As employed in this Chassis Sublet, the term:

1.   "Chassis" means a licensed skeletal chassis designed for the carriage of
     20', 40' and 45' ISO ocean shipping containers in compliance with
     applicable FHWA and DOT regulations.

2.   "Day" means any calendar daily twenty-four hour period commencing at 00:01
     hours and ending at 24:00.

3.   "Force Majeure events" shall include Acts of God (other than ordinary
     storms or inclement weather conditions), earthquakes, floods or landslides,
     act of governments, riots, insurrections, embargoes, and labor disputes or
     strikes or other occurrences which are beyond the reasonable control of the
     Parties and which make it impossible for either Party to perform.

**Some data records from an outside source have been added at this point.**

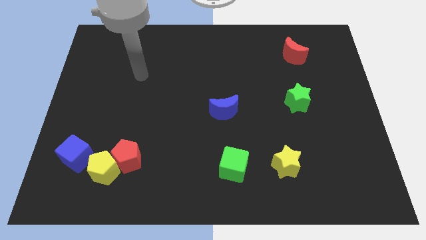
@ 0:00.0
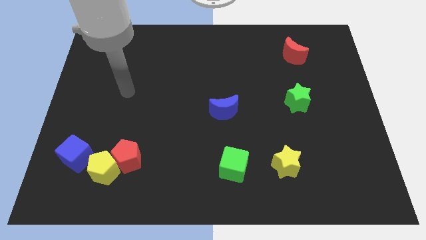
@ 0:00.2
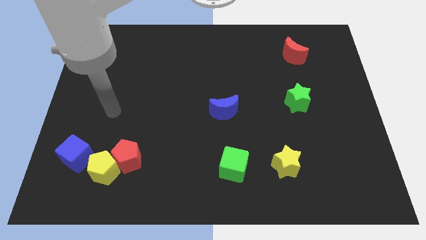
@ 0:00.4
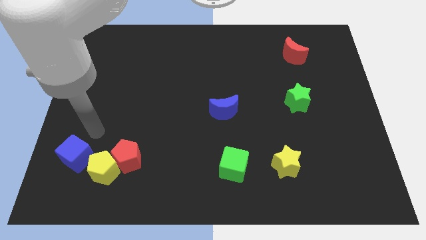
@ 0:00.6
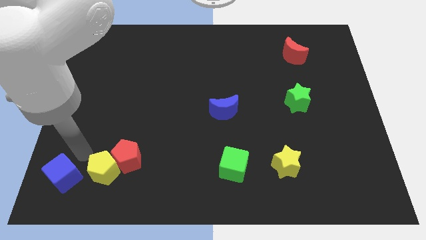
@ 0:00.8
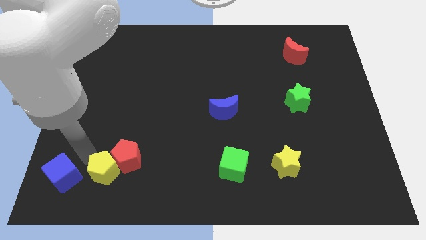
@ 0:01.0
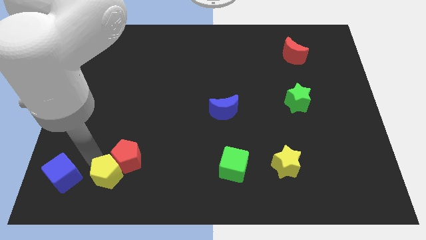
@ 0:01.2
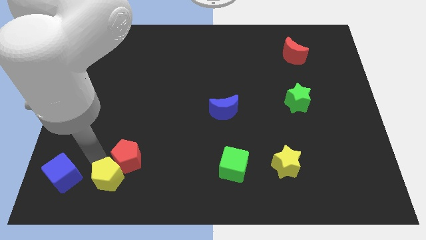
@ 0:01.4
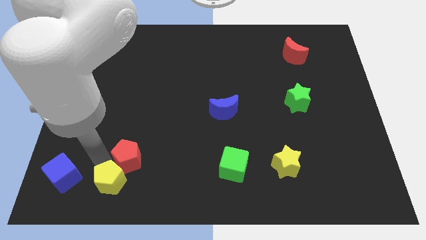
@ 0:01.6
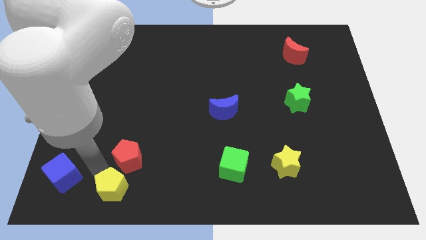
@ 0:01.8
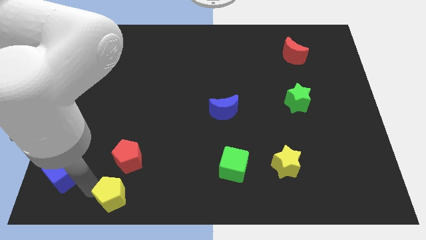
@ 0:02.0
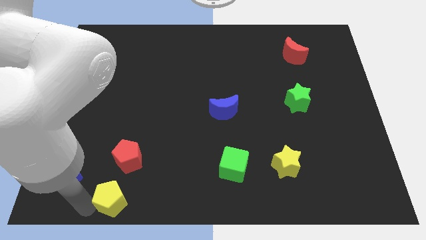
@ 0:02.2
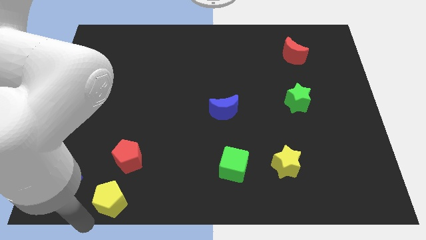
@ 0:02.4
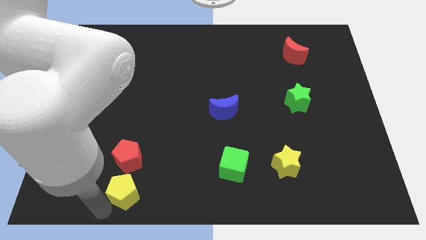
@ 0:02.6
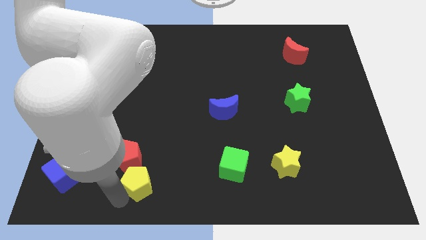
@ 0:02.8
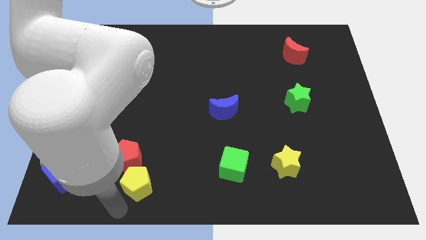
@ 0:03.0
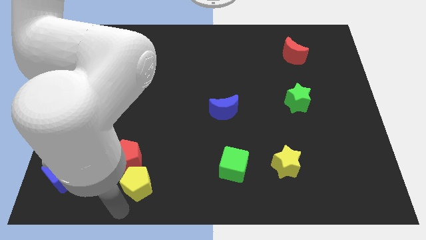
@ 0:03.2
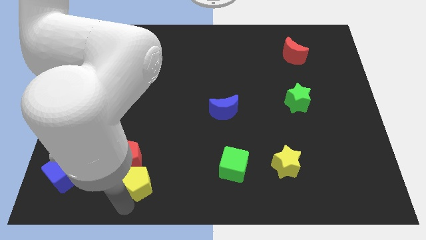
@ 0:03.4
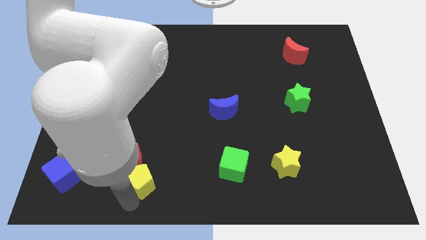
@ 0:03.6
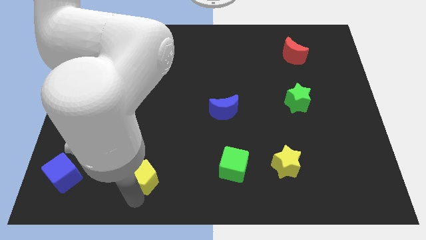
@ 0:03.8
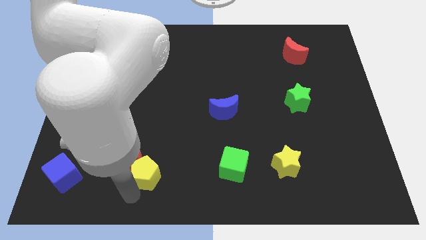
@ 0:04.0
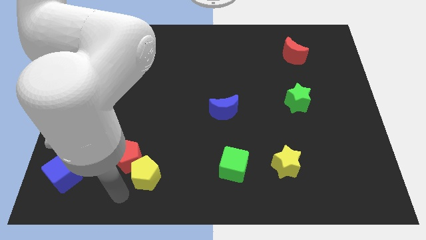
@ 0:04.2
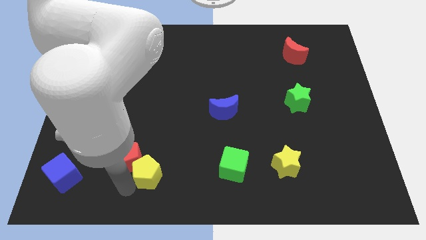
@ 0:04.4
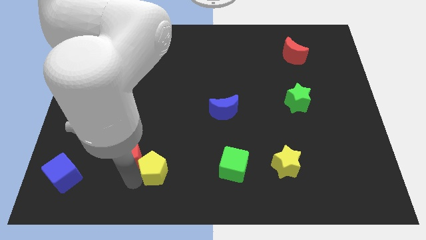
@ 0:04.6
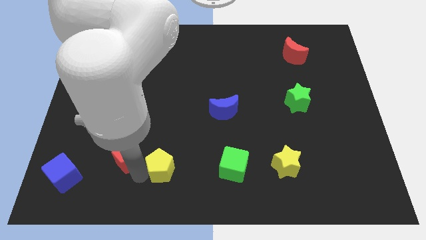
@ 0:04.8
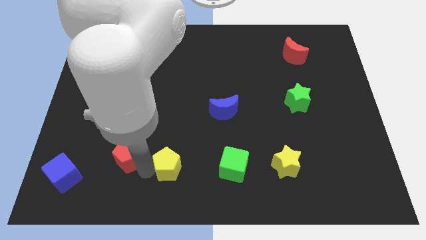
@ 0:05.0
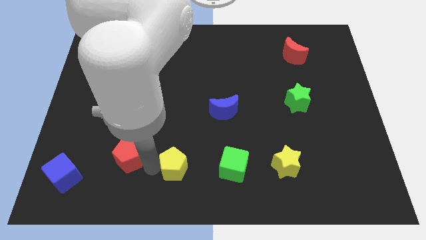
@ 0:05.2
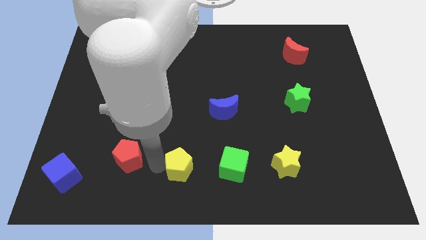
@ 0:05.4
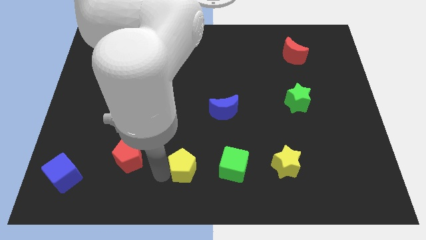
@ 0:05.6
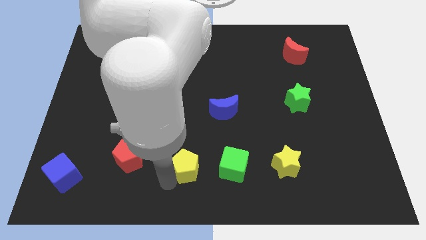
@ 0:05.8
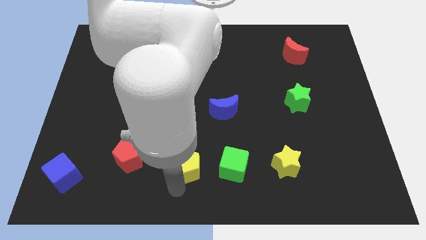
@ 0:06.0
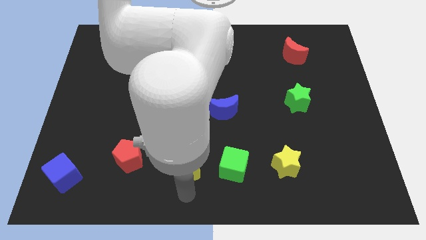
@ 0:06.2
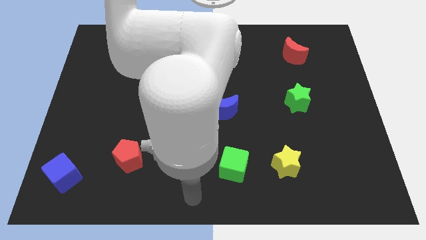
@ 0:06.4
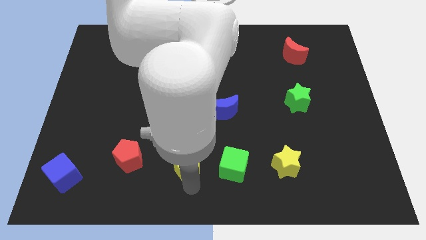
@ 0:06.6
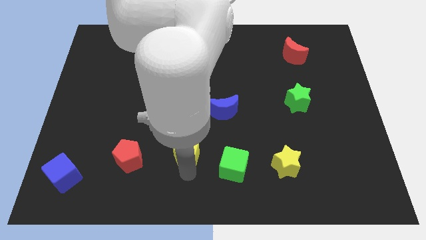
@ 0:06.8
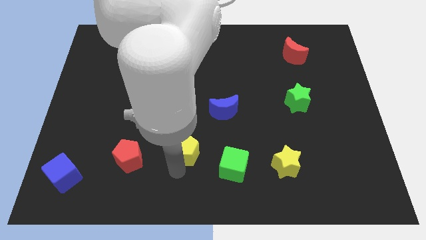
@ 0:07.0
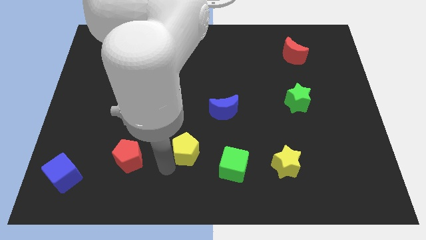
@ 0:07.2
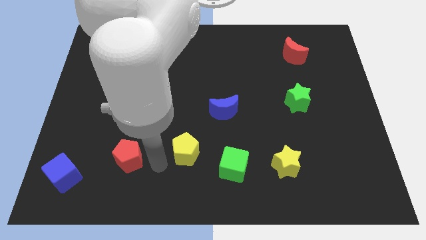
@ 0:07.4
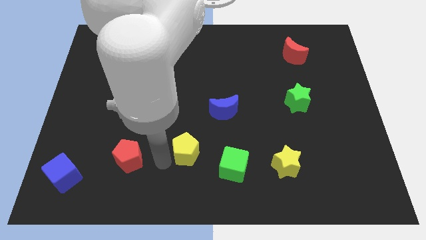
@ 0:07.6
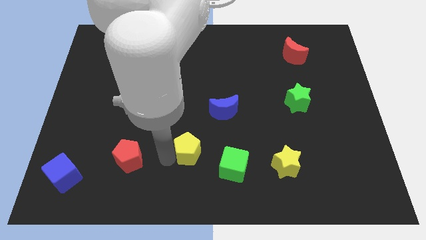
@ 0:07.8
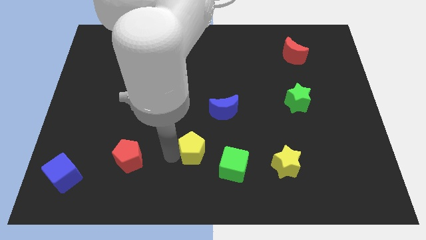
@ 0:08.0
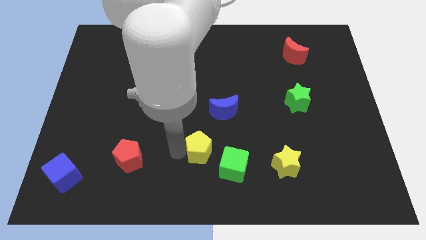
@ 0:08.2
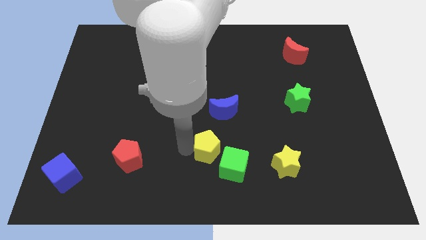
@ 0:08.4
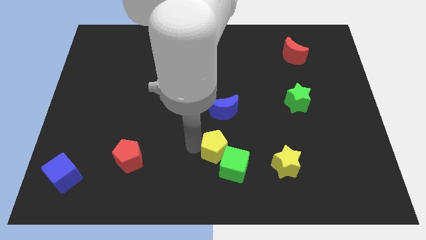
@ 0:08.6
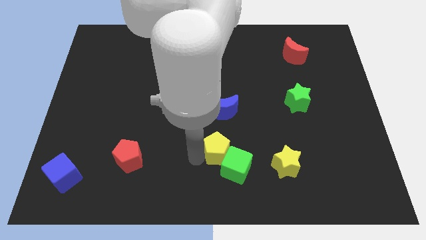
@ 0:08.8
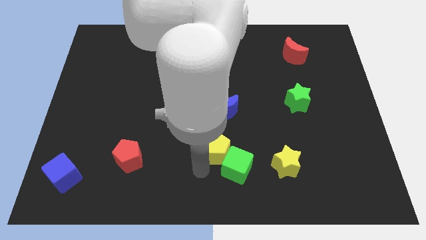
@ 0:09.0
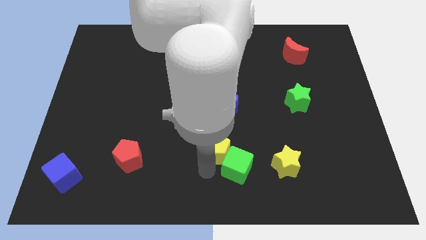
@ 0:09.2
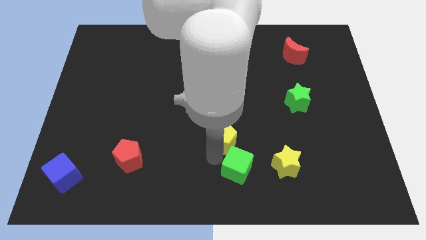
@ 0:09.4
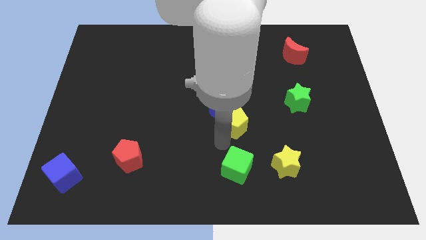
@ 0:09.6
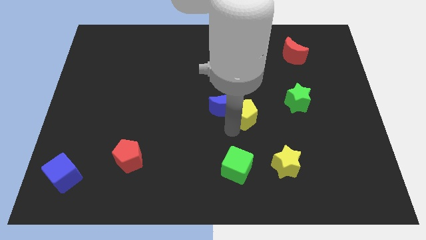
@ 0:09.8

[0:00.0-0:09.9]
slide the yellow pentagon to the left of the green star

4.   "Use" means the provision of a Chassis which is available for interchange
     in accordance with this Chassis Sublet. It is understood that APL is
     providing such Use out of its total fleet of Chassis on a revolving basis
     and is not supplying LTS with a specific group of identifiable Chassis.

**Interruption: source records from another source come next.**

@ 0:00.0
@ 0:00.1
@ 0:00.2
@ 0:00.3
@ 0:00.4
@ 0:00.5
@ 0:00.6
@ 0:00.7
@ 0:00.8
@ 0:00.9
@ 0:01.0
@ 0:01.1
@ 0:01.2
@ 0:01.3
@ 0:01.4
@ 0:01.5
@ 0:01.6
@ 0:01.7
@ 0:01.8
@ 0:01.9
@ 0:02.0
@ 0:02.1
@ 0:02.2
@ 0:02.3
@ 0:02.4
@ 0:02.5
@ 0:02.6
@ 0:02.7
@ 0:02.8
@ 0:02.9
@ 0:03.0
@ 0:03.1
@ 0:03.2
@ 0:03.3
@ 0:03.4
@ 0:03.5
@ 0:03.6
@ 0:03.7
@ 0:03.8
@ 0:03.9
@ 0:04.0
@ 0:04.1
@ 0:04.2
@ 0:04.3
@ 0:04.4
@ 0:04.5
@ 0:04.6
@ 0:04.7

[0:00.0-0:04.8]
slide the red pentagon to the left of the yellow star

5.   "Per Diem Rate" means the charge assessed by APL for making available to
     LTS the number of chassis set forth in Article II below.

6.   "User" shall mean the person having responsibility for the Chassis.


7.   Interchange[d], "when used with respect to a chassis means an APL supplied
     chassis which has been removed from APL's terminal or depot by LTS, LTS'
     designee or a motor carrier having a valid interchange with LTS but not
     redelivered to APL's terminal or depot or a chassis which had been removed
     and redelivered to APL's terminal or depot.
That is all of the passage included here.